The mechanism: LLMs require a pretrained prior to navigate the high-dimensional text action space — without it, exploration would be computationally impossible. But this prior simultaneously constrains what gets explored. The model generates variations on what it already knows rather than discovering genuinely novel solutions. Regardless of which RL algorithm manages the update step, the same pretrained exploration prior shapes the solution distribution at convergence.
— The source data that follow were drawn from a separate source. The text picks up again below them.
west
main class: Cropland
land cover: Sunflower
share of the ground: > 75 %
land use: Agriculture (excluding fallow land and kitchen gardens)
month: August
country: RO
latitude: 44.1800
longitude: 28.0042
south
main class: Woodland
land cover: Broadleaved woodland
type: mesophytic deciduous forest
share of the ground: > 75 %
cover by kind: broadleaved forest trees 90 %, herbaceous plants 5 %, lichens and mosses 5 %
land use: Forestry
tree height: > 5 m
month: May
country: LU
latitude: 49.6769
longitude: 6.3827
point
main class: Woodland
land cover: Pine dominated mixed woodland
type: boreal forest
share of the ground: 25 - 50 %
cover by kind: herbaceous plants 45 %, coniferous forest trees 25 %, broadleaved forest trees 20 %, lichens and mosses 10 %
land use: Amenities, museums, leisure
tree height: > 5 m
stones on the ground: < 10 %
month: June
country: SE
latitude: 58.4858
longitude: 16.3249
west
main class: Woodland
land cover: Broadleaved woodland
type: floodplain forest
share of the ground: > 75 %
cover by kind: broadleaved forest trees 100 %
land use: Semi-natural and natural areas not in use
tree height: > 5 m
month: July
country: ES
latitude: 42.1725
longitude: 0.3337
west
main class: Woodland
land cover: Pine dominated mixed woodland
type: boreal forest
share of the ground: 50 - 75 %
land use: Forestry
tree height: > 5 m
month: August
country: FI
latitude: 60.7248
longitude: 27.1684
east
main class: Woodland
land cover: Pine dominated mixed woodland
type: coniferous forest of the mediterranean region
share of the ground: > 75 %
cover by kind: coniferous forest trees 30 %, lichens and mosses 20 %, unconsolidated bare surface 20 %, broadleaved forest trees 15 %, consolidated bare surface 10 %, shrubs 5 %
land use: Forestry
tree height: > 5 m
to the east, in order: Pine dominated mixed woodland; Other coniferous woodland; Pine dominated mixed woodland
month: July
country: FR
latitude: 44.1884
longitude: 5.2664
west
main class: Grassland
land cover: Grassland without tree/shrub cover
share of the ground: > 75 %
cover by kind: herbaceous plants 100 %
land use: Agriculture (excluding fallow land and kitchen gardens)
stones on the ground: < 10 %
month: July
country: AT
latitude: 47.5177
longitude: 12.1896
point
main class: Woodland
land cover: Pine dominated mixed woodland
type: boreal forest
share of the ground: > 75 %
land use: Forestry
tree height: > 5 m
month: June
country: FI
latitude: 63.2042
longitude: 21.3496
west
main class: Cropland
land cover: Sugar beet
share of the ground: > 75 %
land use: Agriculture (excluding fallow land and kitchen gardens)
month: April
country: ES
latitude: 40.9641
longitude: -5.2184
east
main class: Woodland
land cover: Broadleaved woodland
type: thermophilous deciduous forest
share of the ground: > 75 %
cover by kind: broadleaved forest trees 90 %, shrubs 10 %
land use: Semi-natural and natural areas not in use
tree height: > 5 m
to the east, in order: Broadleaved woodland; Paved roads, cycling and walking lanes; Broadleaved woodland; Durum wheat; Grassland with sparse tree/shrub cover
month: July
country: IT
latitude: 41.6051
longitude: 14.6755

Additional SFT training before RL makes this worse. More SFT concentrates the prior distribution further — the model converges faster on familiar patterns, which means the RL exploration from that point is more constrained, not less. The result: more SFT → tighter prior → smaller effective exploration space → RL finds less.

This reframes what RL training does in practice: it is primarily a selection mechanism, not a discovery mechanism. RL identifies which solutions already present in the pretrained distribution deserve reward. It rarely discovers solutions outside that distribution. The pretrained model contains most of what RL training will eventually "find."

Connects to Does policy entropy collapse limit reasoning performance in RL?: this paper provides algorithm-invariance evidence supporting that entropy is the fundamental constraint. Connects to Do base models already contain hidden reasoning ability?: if RL is unlocking pre-existing capability rather than building new capability, the algorithm doing the unlocking is interchangeable.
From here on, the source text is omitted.